# [PROBLEM REQUIREMENTS]
I'd like the entries that follow repeated exactly, with the pictures left out.

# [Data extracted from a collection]
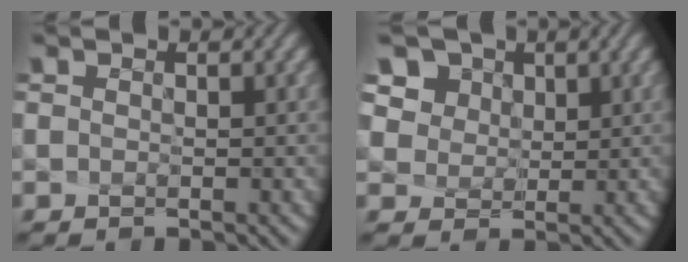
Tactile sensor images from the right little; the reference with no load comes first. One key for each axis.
{"total": 10.4, "fx": 6.2, "fy": 7.1, "fz": 4.4, "tx": -0.133, "ty": 0.009, "tz": 0.133}
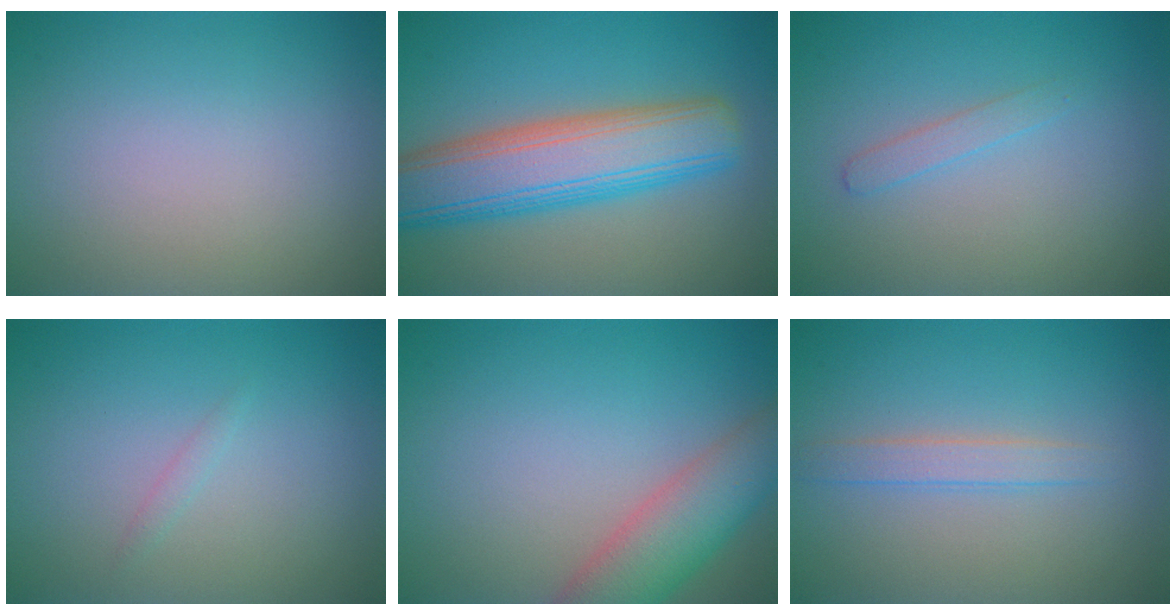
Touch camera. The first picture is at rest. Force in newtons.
{"total": 9.0, "press": 9.0, "slide": 0.3}
{"total": 1.2, "press": 1.2, "slide": 0.0}
{"total": 0.6, "press": 0.6, "slide": 0.0}
{"total": 5.7, "press": 5.7, "slide": 0.2}
{"total": 1.8, "press": 1.8, "slide": 0.1}
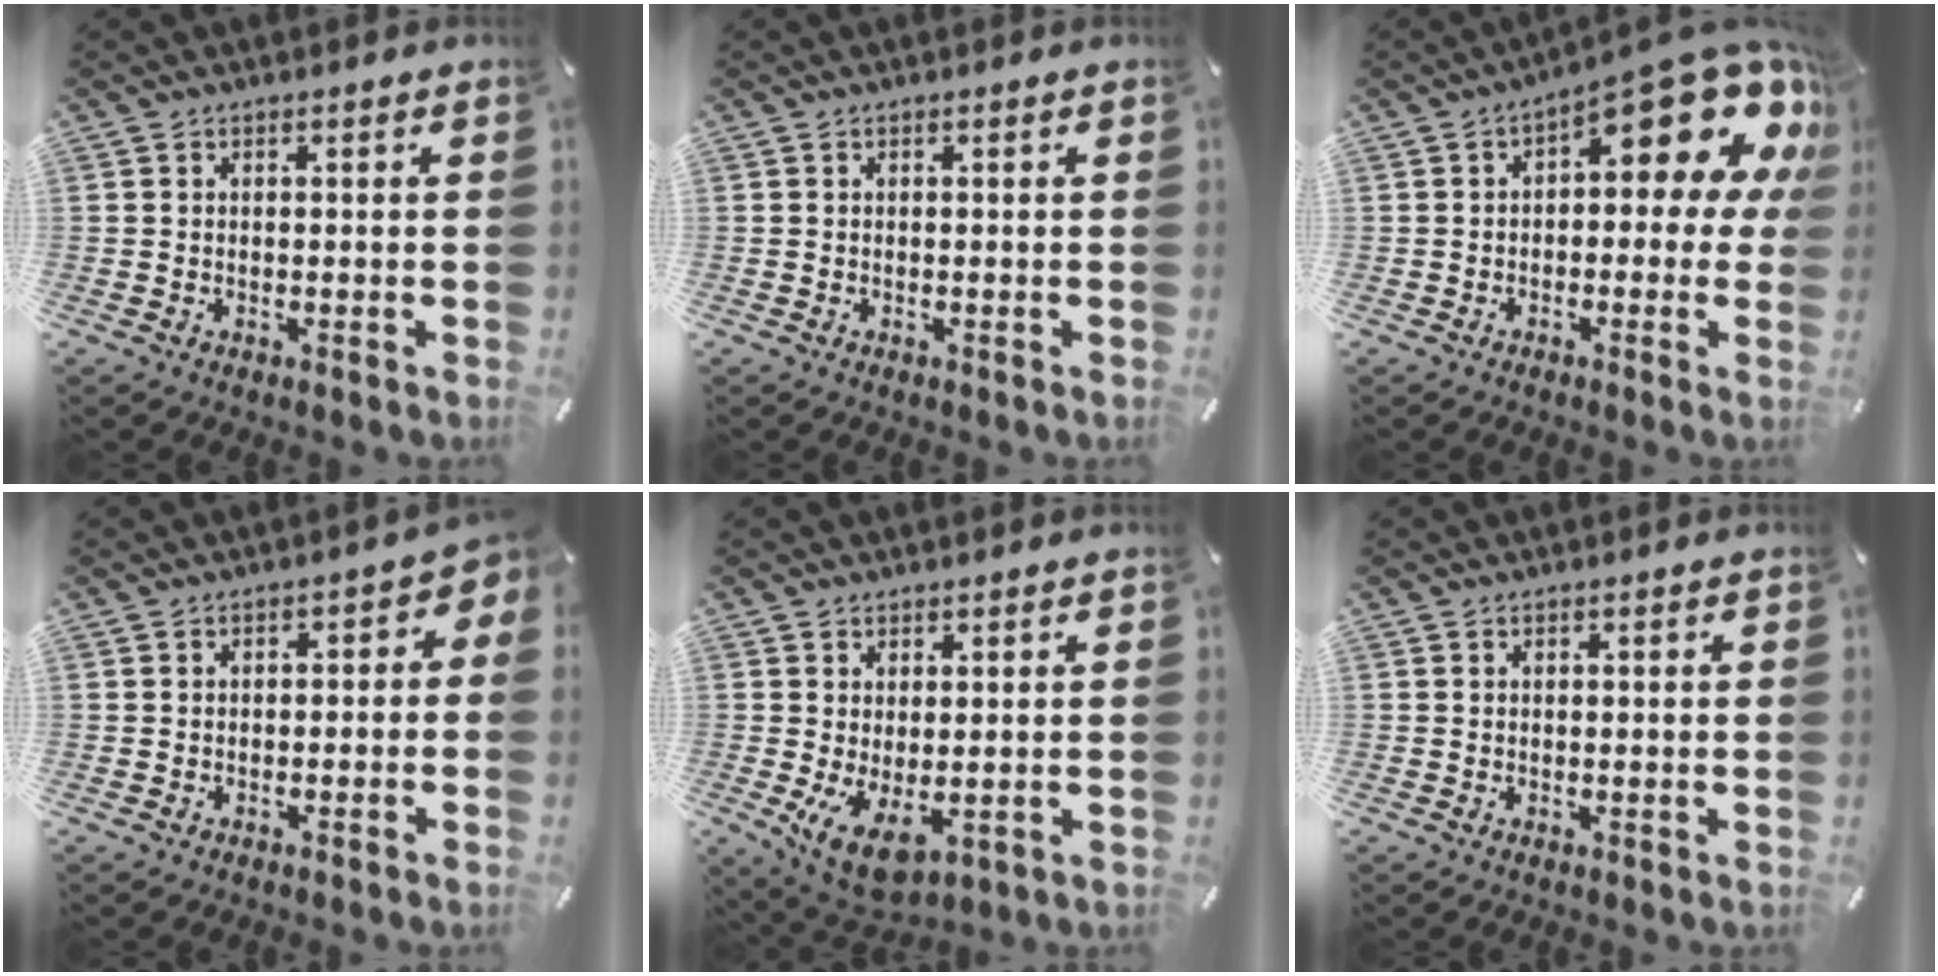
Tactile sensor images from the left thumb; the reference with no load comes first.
{"total": 0.0}
{"total": 15.4, "force": [8.2, 5.9, 11.6], "torque": [-0.143, -0.076, 0.132]}
{"total": 2.7, "force": [-1.4, 1.7, 1.5], "torque": [-0.021, 0.011, -0.029]}
{"total": 7.3, "force": [0.0, 4.0, 6.1], "torque": [-0.118, -0.017, 0.006]}
{"total": 0.0}
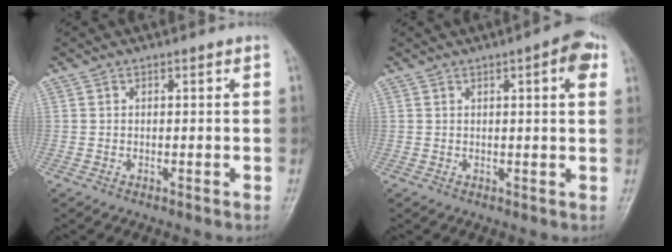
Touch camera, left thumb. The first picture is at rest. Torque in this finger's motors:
{"motor_torque": [-0.16, 0.42, 0.27, 0.28, -0.04]}

# [TASK OUTPUT]
Tactile sensor images from the right little; the reference with no load comes first. One key for each axis.
{"total": 10.4, "fx": 6.2, "fy": 7.1, "fz": 4.4, "tx": -0.133, "ty": 0.009, "tz": 0.133}
Touch camera. The first picture is at rest. Force in newtons.
{"total": 9.0, "press": 9.0, "slide": 0.3}
{"total": 1.2, "press": 1.2, "slide": 0.0}
{"total": 0.6, "press": 0.6, "slide": 0.0}
{"total": 5.7, "press": 5.7, "slide": 0.2}
{"total": 1.8, "press": 1.8, "slide": 0.1}
Tactile sensor images from the left thumb; the reference with no load comes first.
{"total": 0.0}
{"total": 15.4, "force": [8.2, 5.9, 11.6], "torque": [-0.143, -0.076, 0.132]}
{"total": 2.7, "force": [-1.4, 1.7, 1.5], "torque": [-0.021, 0.011, -0.029]}
{"total": 7.3, "force": [0.0, 4.0, 6.1], "torque": [-0.118, -0.017, 0.006]}
{"total": 0.0}
Touch camera, left thumb. The first picture is at rest. Torque in this finger's motors:
{"motor_torque": [-0.16, 0.42, 0.27, 0.28, -0.04]}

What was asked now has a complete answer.